- Exercise directions -
Both the line with "#5109=AXIS2_PLACEMENT_3D('Circle Axis2P3D',#5107,#5108,$) ;" and the line with "#4313=CARTESIAN_POINT('Vertex',(-262.,15.,-21.5)) ;" in the records below must appear in the output, along with every line between them, exactly and with nothing added.

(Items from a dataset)

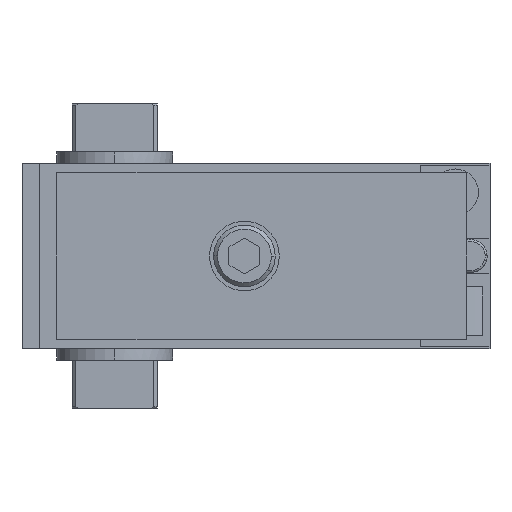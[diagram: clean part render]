
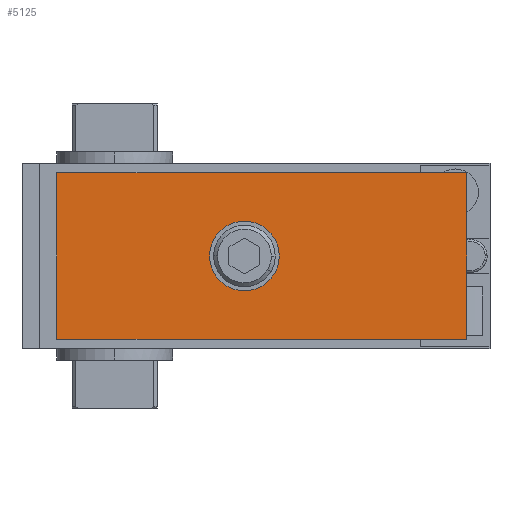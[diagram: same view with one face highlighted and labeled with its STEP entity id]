
A CAD part, left-side view. The second image highlights one B-rep face of the part: STEP entity #5125.
In plain terms, the highlighted planar face has unit normal (-1, 0, 0).
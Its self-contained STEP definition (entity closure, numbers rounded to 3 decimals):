
#5099=AXIS2_PLACEMENT_3D('Plane Axis2P3D',#5096,#5097,#5098) ;
#5109=AXIS2_PLACEMENT_3D('Circle Axis2P3D',#5107,#5108,$) ;
#5118=AXIS2_PLACEMENT_3D('Circle Axis2P3D',#5116,#5117,$) ;
#4239=CARTESIAN_POINT('Vertex',(-262.,-91.,-21.5)) ;
#4246=CARTESIAN_POINT('Vertex',(-262.,-91.,21.5)) ;
#4249=CARTESIAN_POINT('Line Origine',(-262.,-91.,0.)) ;
#4313=CARTESIAN_POINT('Vertex',(-262.,15.,-21.5)) ;
#4316=CARTESIAN_POINT('Line Origine',(-262.,-38.,-21.5)) ;
#4344=CARTESIAN_POINT('Vertex',(-262.,15.,21.5)) ;
#4347=CARTESIAN_POINT('Line Origine',(-262.,15.,0.)) ;
#4371=CARTESIAN_POINT('Line Origine',(-262.,-38.,21.5)) ;
#5096=CARTESIAN_POINT('Axis2P3D Location',(-262.,0.,0.)) ;
#5107=CARTESIAN_POINT('Axis2P3D Location',(-262.,-33.5,0.)) ;
#5111=CARTESIAN_POINT('Vertex',(-262.,-42.5,0.)) ;
#5113=CARTESIAN_POINT('Vertex',(-262.,-24.5,0.)) ;
#5116=CARTESIAN_POINT('Axis2P3D Location',(-262.,-33.5,0.)) ;
#4250=DIRECTION('Vector Direction',(0.,0.,-1.)) ;
#4317=DIRECTION('Vector Direction',(0.,1.,0.)) ;
#4348=DIRECTION('Vector Direction',(0.,0.,1.)) ;
#4372=DIRECTION('Vector Direction',(0.,-1.,0.)) ;
#5097=DIRECTION('Axis2P3D Direction',(-1.,0.,0.)) ;
#5098=DIRECTION('Axis2P3D XDirection',(0.,-1.,0.)) ;
#5108=DIRECTION('Axis2P3D Direction',(-1.,0.,0.)) ;
#5117=DIRECTION('Axis2P3D Direction',(-1.,0.,0.)) ;
#4251=VECTOR('Line Direction',#4250,1.) ;
#4318=VECTOR('Line Direction',#4317,1.) ;
#4349=VECTOR('Line Direction',#4348,1.) ;
#4373=VECTOR('Line Direction',#4372,1.) ;
#5102=ORIENTED_EDGE('',*,*,#4375,.T.) ;
#5103=ORIENTED_EDGE('',*,*,#4351,.T.) ;
#5104=ORIENTED_EDGE('',*,*,#4320,.T.) ;
#5105=ORIENTED_EDGE('',*,*,#4253,.T.) ;
#5122=ORIENTED_EDGE('',*,*,#5115,.F.) ;
#5123=ORIENTED_EDGE('',*,*,#5120,.F.) ;
#5124=FACE_BOUND('',#5121,.T.) ;
#5125=ADVANCED_FACE('U_63_BR5_A00_T24_2_TUENKERS',(#5106,#5124),#5100,.T.) ;
#5110=CIRCLE('generated circle',#5109,9.) ;
#5119=CIRCLE('generated circle',#5118,9.) ;
#4253=EDGE_CURVE('',#4240,#4247,#4252,.F.) ;
#4320=EDGE_CURVE('',#4314,#4240,#4319,.F.) ;
#4351=EDGE_CURVE('',#4345,#4314,#4350,.F.) ;
#4375=EDGE_CURVE('',#4247,#4345,#4374,.F.) ;
#5115=EDGE_CURVE('',#5112,#5114,#5110,.T.) ;
#5120=EDGE_CURVE('',#5114,#5112,#5119,.T.) ;
#5101=EDGE_LOOP('',(#5102,#5103,#5104,#5105)) ;
#5121=EDGE_LOOP('',(#5122,#5123)) ;
#5106=FACE_OUTER_BOUND('',#5101,.T.) ;
#4252=LINE('Line',#4249,#4251) ;
#4319=LINE('Line',#4316,#4318) ;
#4350=LINE('Line',#4347,#4349) ;
#4374=LINE('Line',#4371,#4373) ;
#5100=PLANE('Plane',#5099) ;
#4240=VERTEX_POINT('',#4239) ;
#4247=VERTEX_POINT('',#4246) ;
#4314=VERTEX_POINT('',#4313) ;
#4345=VERTEX_POINT('',#4344) ;
#5112=VERTEX_POINT('',#5111) ;
#5114=VERTEX_POINT('',#5113) ;

- Written solution -
#5109=AXIS2_PLACEMENT_3D('Circle Axis2P3D',#5107,#5108,$) ;
#5118=AXIS2_PLACEMENT_3D('Circle Axis2P3D',#5116,#5117,$) ;
#4239=CARTESIAN_POINT('Vertex',(-262.,-91.,-21.5)) ;
#4246=CARTESIAN_POINT('Vertex',(-262.,-91.,21.5)) ;
#4249=CARTESIAN_POINT('Line Origine',(-262.,-91.,0.)) ;
#4313=CARTESIAN_POINT('Vertex',(-262.,15.,-21.5)) ;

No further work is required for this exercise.